This project focuses on building a robust keyword recognition system using the Speech Commands Dataset v2. The dataset consists of one-second audio files containing spoken English words, enabling the training of machine learning models for real-time keyword detection. The system aims to:
- Accurately recognize command words from short audio clips.
- Perform robustly in noisy environments.
- Be customizable with additional user-specific data for fine-tuning.
The Speech Commands Dataset is a collection of 105,829 audio samples, each containing a single spoken English word. The dataset is organized into 35 categories, including:
- Core Commands: Yes, No, Up, Down, Left, Right, On, Off, Stop, Go.
- Auxiliary Words: Cat, Dog, Bird, Tree.
- Noise Samples: Background noise (white noise, pink noise, running water, etc.).
- Diversity: Contains recordings from speakers with varied ages, genders, and accents.
- Partitioning:
- Training Data: 80% of the dataset.
- Validation Data: 10%.
- Test Data: 10%.
To prepare the audio data for machine learning, several preprocessing steps are applied:
-
Audio Normalization: Ensures uniform loudness across recordings.
-
Spectrogram Conversion: Converts the raw audio into Mel-spectrograms for easier analysis by convolutional neural networks (CNNs).
-
Noise Augmentation: Adds background noise to training samples to enhance model robustness in real-world environments.
import tensorflow as tf
import numpy as np
import os
# Load the dataset
commands_dir = 'path_to_speech_commands_dataset'
commands = np.array(tf.io.gfile.listdir(commands_dir))
commands = commands[commands != '_background_noise_']
print(f'Commands: {commands}')
# Preprocess function
def preprocess_audio(file_path):
audio = tf.io.read_file(file_path)
audio, _ = tf.audio.decode_wav(audio)
audio = tf.squeeze(audio, axis=-1)
audio = tf.signal.stft(audio, frame_length=255, frame_step=128)

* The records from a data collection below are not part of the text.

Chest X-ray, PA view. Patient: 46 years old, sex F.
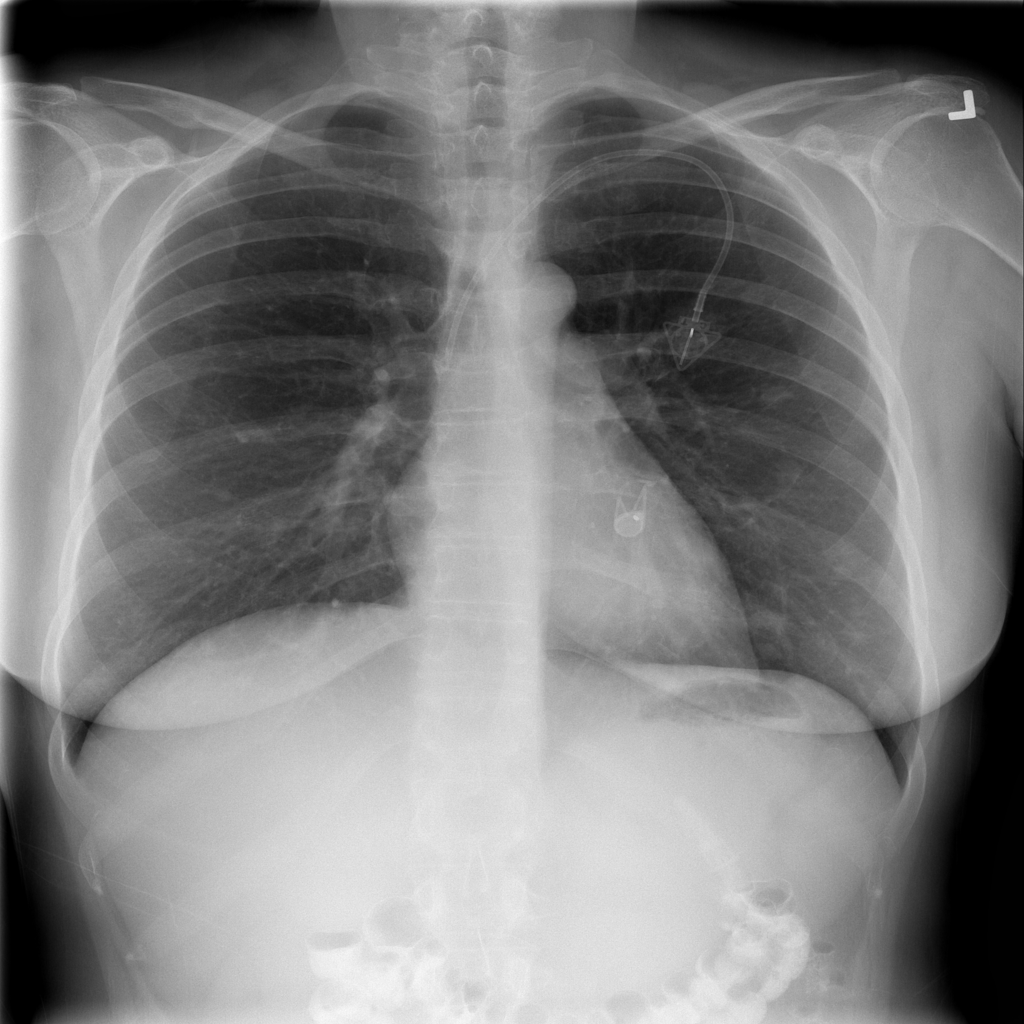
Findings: No Finding
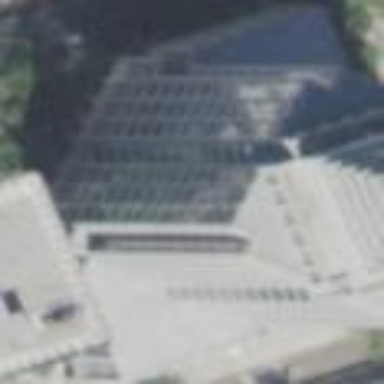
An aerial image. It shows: Office building.
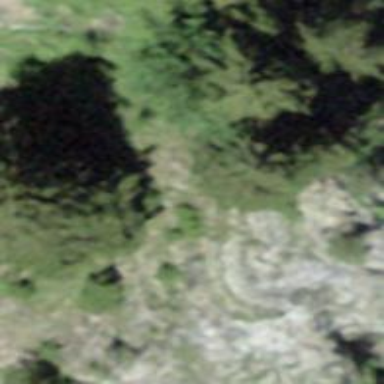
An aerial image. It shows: Forest area.

spectrogram = tf.abs(audio)
return spectrogram
# Example Usage
example_file = os.path.join(commands_dir, 'yes', 'sample_audio.wav')
spectrogram = preprocess_audio(example_file)
The system uses a Convolutional Neural Network (CNN), which excels in processing spectrograms. The architecture is designed to recognize spatial and temporal patterns in audio data.
from tensorflow.keras.models import Sequential
from tensorflow.keras.layers import Conv2D, MaxPooling2D, Flatten, Dense, Dropout
def create_cnn_model(input_shape):
model = Sequential([
Conv2D(32, (3, 3), activation='relu', input_shape=input_shape),
MaxPooling2D(2, 2),
Conv2D(64, (3, 3), activation='relu'),
MaxPooling2D(2, 2),
Flatten(),
Dense(128, activation='relu'),
Dropout(0.5),
Dense(35, activation='softmax') # 35 classes for 35 words
])
model.compile(optimizer='adam', loss='categorical_crossentropy', metrics=['accuracy'])
return model
input_shape = (64, 64, 1)
model = create_cnn_model(input_shape)
model.summary()
- Optimizer: Adam.
- Loss Function: Categorical Crossentropy.
- Learning Rate: 0.001.
- Batch Size: 64.
- Epochs: 30.
- Validation Accuracy: 86%
- Test Accuracy: 85.65%
- Loss on Test Set: 0.629
import matplotlib.pyplot as plt
# Plot training history
plt.figure(figsize=(12, 4))
plt.subplot(1, 2, 1)
plt.plot(history.history['accuracy'], label='Training Accuracy')
plt.plot(history.history['val_accuracy'], label='Validation Accuracy')
plt.legend()
plt.title('Accuracy Over Epochs')
plt.subplot(1, 2, 2)
plt.plot(history.history['loss'], label='Training Loss')
plt.plot(history.history['val_loss'], label='Validation Loss')
plt.legend()
plt.title('Loss Over Epochs')
plt.show()
The confusion matrix highlights which command words are frequently misclassified. For instance, words like “No” and “Go” were occasionally confused due to phonetic similarities.
To improve performance for specific users, the model can be fine-tuned with additional recordings. Custom datasets (e.g., 30 samples per word) were used to:
- Enhance personalization.
- Improve accuracy in specific environments.
- Overfitting: Addressed using dropout and noise augmentation.
- Generalization: Maintained by balancing original and custom data.
- Experimenting with advanced architectures such as recurrent neural networks (RNNs) or transformers.
- Deploying the model for real-time inference on mobile or edge devices.
- Enhancing noise augmentation techniques to improve performance in challenging environments.